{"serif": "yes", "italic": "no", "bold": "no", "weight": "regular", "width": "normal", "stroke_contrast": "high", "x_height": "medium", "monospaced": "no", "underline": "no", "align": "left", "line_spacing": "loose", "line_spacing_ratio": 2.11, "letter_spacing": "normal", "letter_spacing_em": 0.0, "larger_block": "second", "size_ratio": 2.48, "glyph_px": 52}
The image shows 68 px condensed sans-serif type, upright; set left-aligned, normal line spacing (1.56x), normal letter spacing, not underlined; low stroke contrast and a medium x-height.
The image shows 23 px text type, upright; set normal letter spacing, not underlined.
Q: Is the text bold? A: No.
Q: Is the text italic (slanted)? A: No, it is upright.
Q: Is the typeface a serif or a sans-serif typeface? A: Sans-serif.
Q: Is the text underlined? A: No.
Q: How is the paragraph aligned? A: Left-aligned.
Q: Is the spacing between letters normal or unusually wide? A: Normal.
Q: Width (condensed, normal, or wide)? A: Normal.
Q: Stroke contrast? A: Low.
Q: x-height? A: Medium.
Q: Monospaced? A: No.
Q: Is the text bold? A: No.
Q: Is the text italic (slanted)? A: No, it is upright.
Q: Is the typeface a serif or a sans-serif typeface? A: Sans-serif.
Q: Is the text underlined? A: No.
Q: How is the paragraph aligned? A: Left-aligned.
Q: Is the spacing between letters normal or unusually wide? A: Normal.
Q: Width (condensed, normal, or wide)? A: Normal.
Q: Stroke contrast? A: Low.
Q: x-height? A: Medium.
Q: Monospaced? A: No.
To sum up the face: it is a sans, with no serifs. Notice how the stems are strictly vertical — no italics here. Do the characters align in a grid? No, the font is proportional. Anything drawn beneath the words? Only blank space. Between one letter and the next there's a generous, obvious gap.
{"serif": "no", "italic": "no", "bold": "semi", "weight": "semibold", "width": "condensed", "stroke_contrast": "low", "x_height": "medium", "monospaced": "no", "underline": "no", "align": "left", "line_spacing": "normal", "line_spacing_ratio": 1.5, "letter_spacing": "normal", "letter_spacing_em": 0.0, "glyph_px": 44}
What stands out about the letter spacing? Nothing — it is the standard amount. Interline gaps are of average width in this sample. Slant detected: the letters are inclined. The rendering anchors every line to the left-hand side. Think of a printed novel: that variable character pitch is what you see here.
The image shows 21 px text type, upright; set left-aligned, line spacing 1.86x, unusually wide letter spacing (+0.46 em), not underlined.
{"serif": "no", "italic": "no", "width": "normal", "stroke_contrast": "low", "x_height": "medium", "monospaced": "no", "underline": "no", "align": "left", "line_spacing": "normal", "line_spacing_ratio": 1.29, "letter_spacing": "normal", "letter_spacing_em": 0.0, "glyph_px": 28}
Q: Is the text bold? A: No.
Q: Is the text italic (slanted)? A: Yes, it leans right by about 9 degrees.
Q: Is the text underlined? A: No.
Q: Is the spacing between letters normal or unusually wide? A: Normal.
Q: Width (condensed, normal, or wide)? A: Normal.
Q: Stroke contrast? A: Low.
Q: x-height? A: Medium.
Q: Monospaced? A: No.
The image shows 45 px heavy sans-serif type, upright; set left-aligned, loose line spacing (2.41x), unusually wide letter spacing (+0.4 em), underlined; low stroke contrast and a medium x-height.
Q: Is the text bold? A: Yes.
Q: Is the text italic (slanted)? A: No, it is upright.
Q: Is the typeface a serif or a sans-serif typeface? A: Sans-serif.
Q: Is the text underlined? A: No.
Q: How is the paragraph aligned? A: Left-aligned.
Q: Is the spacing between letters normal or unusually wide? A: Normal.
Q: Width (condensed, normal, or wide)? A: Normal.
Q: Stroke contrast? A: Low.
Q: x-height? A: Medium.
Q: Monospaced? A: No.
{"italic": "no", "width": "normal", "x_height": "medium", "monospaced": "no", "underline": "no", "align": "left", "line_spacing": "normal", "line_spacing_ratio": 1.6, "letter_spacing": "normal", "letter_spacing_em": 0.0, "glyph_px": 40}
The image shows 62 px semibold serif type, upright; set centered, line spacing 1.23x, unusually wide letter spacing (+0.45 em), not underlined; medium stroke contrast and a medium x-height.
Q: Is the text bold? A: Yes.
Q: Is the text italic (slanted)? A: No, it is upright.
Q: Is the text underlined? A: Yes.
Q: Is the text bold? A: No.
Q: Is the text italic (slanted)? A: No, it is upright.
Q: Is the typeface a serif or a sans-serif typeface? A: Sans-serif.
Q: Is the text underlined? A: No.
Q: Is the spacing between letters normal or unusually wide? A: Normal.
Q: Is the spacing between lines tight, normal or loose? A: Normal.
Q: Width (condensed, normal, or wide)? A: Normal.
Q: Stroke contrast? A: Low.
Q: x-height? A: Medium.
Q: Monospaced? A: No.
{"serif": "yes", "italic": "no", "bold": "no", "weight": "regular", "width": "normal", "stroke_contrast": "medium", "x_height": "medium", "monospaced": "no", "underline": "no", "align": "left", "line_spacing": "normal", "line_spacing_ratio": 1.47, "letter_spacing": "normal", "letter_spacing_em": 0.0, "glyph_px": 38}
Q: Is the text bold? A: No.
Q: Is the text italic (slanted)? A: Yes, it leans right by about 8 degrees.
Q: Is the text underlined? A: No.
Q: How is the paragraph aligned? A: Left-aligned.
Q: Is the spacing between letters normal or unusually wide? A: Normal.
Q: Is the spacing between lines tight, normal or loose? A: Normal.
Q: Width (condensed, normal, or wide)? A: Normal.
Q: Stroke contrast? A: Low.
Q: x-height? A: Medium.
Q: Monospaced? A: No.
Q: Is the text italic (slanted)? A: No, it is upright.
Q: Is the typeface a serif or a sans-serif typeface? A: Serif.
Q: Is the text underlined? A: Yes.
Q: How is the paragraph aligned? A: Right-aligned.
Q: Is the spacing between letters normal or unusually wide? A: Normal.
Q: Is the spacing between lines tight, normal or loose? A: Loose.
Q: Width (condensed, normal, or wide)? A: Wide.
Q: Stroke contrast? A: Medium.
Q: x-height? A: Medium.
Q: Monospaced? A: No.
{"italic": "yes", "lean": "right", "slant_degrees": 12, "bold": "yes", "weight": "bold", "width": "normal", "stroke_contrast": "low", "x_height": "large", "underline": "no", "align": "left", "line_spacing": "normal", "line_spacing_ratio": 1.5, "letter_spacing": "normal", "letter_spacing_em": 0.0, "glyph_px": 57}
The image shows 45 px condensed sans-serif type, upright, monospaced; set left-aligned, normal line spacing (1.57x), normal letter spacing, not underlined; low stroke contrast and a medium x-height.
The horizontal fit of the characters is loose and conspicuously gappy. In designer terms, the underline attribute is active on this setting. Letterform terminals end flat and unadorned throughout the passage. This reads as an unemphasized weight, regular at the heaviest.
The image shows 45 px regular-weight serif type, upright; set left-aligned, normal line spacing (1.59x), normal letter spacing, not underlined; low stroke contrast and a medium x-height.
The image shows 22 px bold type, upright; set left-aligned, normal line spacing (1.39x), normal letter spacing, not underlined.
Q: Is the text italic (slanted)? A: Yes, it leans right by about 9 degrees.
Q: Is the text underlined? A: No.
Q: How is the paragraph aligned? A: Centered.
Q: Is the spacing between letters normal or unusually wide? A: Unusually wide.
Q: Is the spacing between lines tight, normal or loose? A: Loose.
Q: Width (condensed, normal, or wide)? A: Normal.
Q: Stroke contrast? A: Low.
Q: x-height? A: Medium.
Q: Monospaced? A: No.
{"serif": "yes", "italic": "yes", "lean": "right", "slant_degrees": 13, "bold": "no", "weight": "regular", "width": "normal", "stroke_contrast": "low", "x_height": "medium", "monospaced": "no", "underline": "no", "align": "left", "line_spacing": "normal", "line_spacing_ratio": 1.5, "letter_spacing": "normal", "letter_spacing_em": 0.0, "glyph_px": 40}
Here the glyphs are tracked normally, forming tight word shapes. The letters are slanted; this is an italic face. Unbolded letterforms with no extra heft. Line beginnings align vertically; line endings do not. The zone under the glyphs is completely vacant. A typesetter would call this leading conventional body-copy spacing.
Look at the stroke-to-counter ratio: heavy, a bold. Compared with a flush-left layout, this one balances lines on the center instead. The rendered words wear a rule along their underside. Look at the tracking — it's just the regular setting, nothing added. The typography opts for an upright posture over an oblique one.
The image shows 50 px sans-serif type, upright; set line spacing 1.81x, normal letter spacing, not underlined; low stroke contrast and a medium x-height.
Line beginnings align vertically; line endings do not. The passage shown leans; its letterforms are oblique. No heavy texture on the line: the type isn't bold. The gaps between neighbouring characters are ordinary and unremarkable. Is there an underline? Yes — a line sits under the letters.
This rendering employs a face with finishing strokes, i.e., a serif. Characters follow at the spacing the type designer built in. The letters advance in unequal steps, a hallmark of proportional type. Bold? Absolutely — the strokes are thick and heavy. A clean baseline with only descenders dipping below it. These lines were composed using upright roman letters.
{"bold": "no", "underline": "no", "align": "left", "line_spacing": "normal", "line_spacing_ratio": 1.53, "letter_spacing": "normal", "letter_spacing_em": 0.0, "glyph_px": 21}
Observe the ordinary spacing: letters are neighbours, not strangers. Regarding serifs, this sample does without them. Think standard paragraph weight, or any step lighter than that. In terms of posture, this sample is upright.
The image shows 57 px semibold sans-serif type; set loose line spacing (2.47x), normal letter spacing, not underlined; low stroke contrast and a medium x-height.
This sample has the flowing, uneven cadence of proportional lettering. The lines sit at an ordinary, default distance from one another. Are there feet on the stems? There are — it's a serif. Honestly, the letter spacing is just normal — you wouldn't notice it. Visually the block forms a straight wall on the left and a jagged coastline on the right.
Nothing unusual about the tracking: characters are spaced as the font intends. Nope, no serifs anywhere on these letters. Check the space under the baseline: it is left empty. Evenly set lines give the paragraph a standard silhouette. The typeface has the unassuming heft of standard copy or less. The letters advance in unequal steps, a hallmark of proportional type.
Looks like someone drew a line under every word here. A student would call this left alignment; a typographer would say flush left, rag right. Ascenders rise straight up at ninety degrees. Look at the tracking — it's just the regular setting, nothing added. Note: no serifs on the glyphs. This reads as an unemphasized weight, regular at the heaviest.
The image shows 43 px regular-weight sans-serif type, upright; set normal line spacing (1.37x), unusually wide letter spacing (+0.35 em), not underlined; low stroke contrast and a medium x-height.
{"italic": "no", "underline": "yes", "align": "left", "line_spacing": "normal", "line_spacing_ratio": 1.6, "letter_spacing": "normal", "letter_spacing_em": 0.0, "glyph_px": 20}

» **Aim of the task**:
Where does the string "steps" appear in the records above? Show every line that holds it.

» **Task result**:
This rendering employs a face with finishing strokes, i.e., a serif. Characters follow at the spacing the type designer built in. The letters advance in unequal steps, a hallmark of proportional type. Bold? Absolutely — the strokes are thick and heavy. A clean baseline with only descenders dipping below it. These lines were composed using upright roman letters.
Nothing unusual about the tracking: characters are spaced as the font intends. Nope, no serifs anywhere on these letters. Check the space under the baseline: it is left empty. Evenly set lines give the paragraph a standard silhouette. The typeface has the unassuming heft of standard copy or less. The letters advance in unequal steps, a hallmark of proportional type.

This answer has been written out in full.